Biscotti are crunchy Italian cookies that are perfect for dipping in coffee or tea. This recipe uses anis seeds and anise extract to give them a hint of licorice flavor. You can also add some almonds for extra crunch and nutrition. These biscotti can be stored in an airtight container for over a month.


  • 2 cups white sugar
  • 1 cup butter (softened)
  • 4 eggs
  • 4 ½ cups all-purpose flour
  • 4 teaspoons baking powder
  • ¾ teaspoon salt
  • ⅓ cup brandy
  • 1 ½ teaspoons anise extract
  • 1 teaspoon vanilla extract
  • 1 cup almonds
  • 2 tablespoons anise seed


  1. Preheat oven to 350°F (175°C). Grease a large baking sheet.
  2. In a large bowl, cream together the sugar and butter until light and fluffy. Add the eggs one at a time, beating well after each addition. Stir in the brandy, anise extract, and vanilla extract.
  3. In a medium bowl, whisk together the flour, baking powder, and salt. Gradually stir into the creamed mixture. Fold in the almonds and anise seed.
  4. Divide the dough into four equal parts. Shape each part into a 12-inch long log and place on the prepared baking sheet, leaving some space between them.
  5. Bake for 25 minutes or until lightly browned. Remove from the oven and let cool slightly on the baking sheet.
  6. Cut each log diagonally into ½-inch thick slices. Place the slices cut side down on the baking sheet. Bake for 10 minutes, turning once, or until crisp and golden.
  7. Cool completely on wire racks. Store in an airtight container.

Anise Pork with Figs and Apples

This is a savory and sweet dish that combines pork with dried figs, fresh apples, and orange juice. The fennel seeds or crushed aniseed add depth and warmth to the pork. This dish is easy to make and can be served with rice or couscous.

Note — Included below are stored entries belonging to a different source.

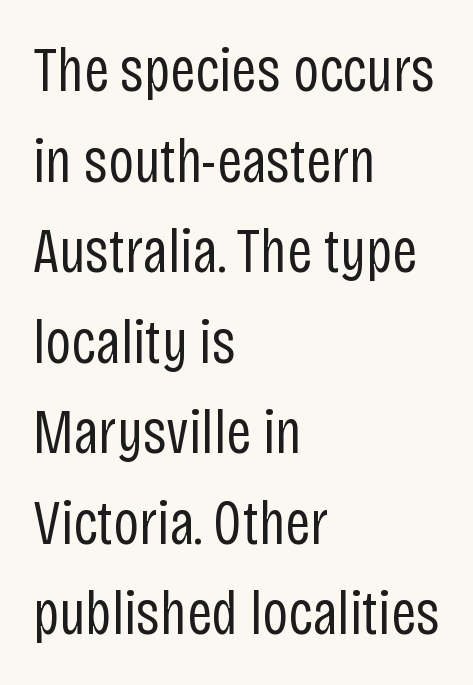
The image shows 62 px regular-weight, condensed sans-serif type, upright; set left-aligned, normal line spacing (1.46x), normal letter spacing, not underlined; low stroke contrast and a large x-height.
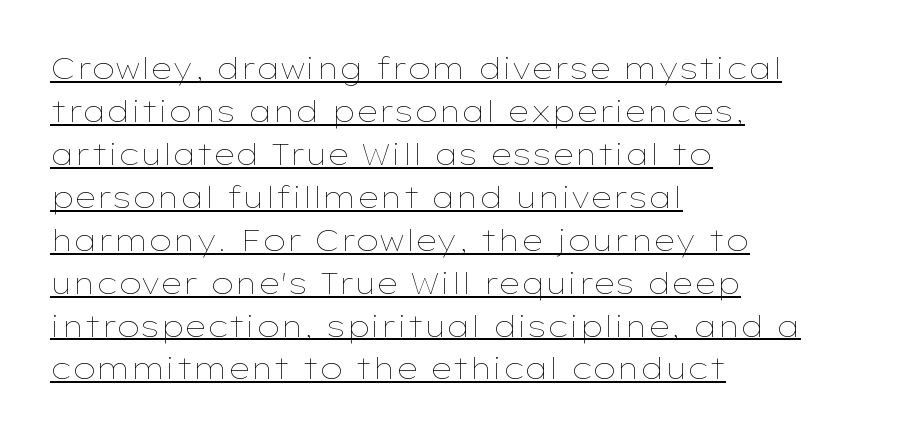
The image shows 29 px thin, wide type, upright; set left-aligned, normal line spacing (1.48x), normal letter spacing, underlined; low stroke contrast and a medium x-height.
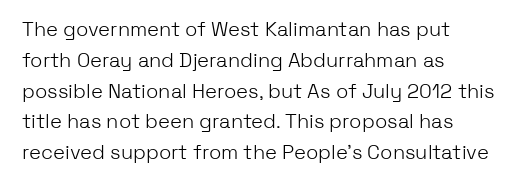
Unmarked baselines from the first word to the last. Between one letter and the next there's only the usual sliver of space. Left-aligned paragraph, ragged on the right. Compared with typical paragraphs, the rows here are spaced about the same. It's the straight-up-and-down kind of type.
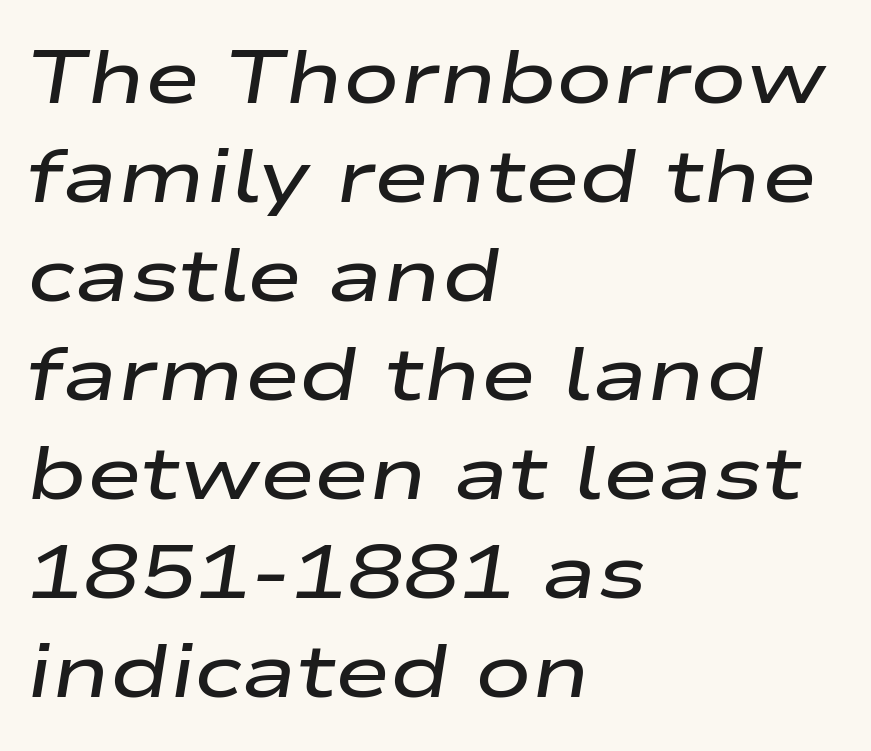
You could not count columns in this text — the font is proportionally spaced. Is the type slanted? Yes — the strokes lean at a clear angle. Does extra space separate the letters? No, they use regular spacing. The zone under the glyphs is completely vacant.

  • ¾ teaspoon fennel seeds (or crushed aniseed)
  • 4 ounces boneless pork loin steaks
  • Salt and freshly ground pepper
  • 1 tablespoon olive oil
  • 2 tablespoons unsalted butter
  • 2 large shallots (thinly sliced)
  • 1 large garlic clove (minced)
  • 1 cup tart apple (slices)
  • ½ cup fresh orange juice
  • 4 dried Calimyrna figs (quartered)
  • 1 tablespoon red wine vinegar



  1. In a small skillet over moderate heat, toast the fennel seeds until fragrant, about 2 minutes. Transfer to a spice grinder or mortar and grind coarsely.
  2. Sprinkle the pork with salt, pepper, and half of the fennel seeds. In a large skillet over high heat, heat the oil until shimmering. Add the pork and cook until browned on both sides, about 10 minutes total. Transfer to a plate and keep warm.
  3. In the same skillet over moderate heat, melt 1 tablespoon of butter. Add the shallots and garlic and cook until softened, about 5 minutes. Add the apple slices and cook until crisp-tender, about 5 minutes more.
  4. In a small saucepan over high heat, bring the orange juice to a boil. Add the figs and simmer until plump, about 10 minutes.